Well, I answered my own question. I'll leave this up in-case anybody else might find it useful. The basics are explained here. There are a handful of caveats.

  • My first attempt was to use boost::variant to describe my tokens. The parser requires that the tokens be convertable to bool. To solve this, I wrapped my boost::variant in boost::optional. Edit: Actually, it seems it's the debugging capability that imposes this requirement. My current solution adds a custom debug handler instead of the stock one that no longer checks if the value of the iterator is "true".
  • Similiarly, the operator<< must be defined, at least if you want debug output.
  • In the parse() method, you need to check if your iterator is not at the end before you dereference it.
  • If you have lots of token types you may need to increase the size of MPL vector and list as described here.
1
If you don't get an answer here try asking in the boost spirit mailing list.
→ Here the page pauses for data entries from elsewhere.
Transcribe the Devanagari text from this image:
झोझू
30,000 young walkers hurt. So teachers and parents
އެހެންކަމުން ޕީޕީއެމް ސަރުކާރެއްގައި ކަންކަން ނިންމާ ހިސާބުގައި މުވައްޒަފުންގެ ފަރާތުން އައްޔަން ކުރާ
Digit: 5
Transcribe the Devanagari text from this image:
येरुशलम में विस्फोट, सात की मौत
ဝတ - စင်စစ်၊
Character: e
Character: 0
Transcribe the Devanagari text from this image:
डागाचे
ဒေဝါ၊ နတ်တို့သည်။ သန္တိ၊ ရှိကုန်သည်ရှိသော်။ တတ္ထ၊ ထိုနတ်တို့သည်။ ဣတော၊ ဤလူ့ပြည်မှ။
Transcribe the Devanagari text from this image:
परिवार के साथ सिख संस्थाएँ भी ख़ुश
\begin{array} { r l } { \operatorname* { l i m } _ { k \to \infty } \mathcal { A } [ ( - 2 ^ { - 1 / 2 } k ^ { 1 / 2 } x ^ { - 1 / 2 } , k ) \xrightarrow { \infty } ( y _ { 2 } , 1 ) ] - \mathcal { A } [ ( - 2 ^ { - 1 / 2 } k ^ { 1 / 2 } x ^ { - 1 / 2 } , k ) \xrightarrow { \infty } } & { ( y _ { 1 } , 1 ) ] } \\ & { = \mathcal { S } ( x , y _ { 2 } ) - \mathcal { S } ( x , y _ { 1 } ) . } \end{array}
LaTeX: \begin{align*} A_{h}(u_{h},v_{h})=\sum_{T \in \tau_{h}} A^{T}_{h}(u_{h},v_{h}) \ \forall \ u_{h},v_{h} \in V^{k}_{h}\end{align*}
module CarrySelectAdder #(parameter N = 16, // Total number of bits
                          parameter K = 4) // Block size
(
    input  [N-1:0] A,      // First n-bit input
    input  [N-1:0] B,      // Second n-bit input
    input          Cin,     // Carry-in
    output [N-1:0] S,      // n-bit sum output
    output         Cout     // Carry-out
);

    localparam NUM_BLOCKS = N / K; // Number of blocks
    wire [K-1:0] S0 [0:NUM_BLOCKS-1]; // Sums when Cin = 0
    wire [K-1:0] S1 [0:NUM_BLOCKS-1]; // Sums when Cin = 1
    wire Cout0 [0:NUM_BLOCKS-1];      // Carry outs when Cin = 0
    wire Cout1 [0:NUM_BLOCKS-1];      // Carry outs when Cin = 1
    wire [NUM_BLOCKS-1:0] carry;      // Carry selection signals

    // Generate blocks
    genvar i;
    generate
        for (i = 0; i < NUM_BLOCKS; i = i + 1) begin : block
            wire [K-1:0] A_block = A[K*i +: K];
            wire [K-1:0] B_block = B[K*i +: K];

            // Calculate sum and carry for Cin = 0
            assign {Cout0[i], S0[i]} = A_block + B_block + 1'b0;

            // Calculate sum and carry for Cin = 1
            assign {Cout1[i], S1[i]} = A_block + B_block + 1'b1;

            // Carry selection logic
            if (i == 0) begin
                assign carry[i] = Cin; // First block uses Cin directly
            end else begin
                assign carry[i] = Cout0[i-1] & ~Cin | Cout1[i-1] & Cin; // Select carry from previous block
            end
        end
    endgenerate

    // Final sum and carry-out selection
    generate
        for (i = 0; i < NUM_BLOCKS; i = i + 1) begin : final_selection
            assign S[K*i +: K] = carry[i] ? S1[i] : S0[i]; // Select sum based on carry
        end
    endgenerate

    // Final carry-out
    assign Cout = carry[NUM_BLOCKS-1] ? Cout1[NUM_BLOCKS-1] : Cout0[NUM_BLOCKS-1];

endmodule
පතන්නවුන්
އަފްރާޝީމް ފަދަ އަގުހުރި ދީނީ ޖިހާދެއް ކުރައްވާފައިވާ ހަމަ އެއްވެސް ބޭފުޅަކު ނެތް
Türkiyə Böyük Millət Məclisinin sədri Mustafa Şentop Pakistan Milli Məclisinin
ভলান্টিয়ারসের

It's very active. lists.sourceforge.net/lists/listinfo/spirit-generalSmittii
Or may be if no one is giving you an answer here you should start questioning if using boost::spirit is really a good idea.6502

1 Answers

1
votes

Your self-answer seems to address a similar, but different question:

  • How can I create a parser class that consumes non-char elements

However, your original question was more along the lines of 'How can I use spirit parsers with a non-char tokenstream'?

In that case, the most helpful link would be to Spirit Lex which is LexerTL integrated into the Boost Spirit framework.

You can easily make Spirit Lex expose token intormation (beyond the token Id) if necessary, though by default the source iterator range is always available. That way you can mix and match Spirit Lex and Spirit Qi in quite flexible ways.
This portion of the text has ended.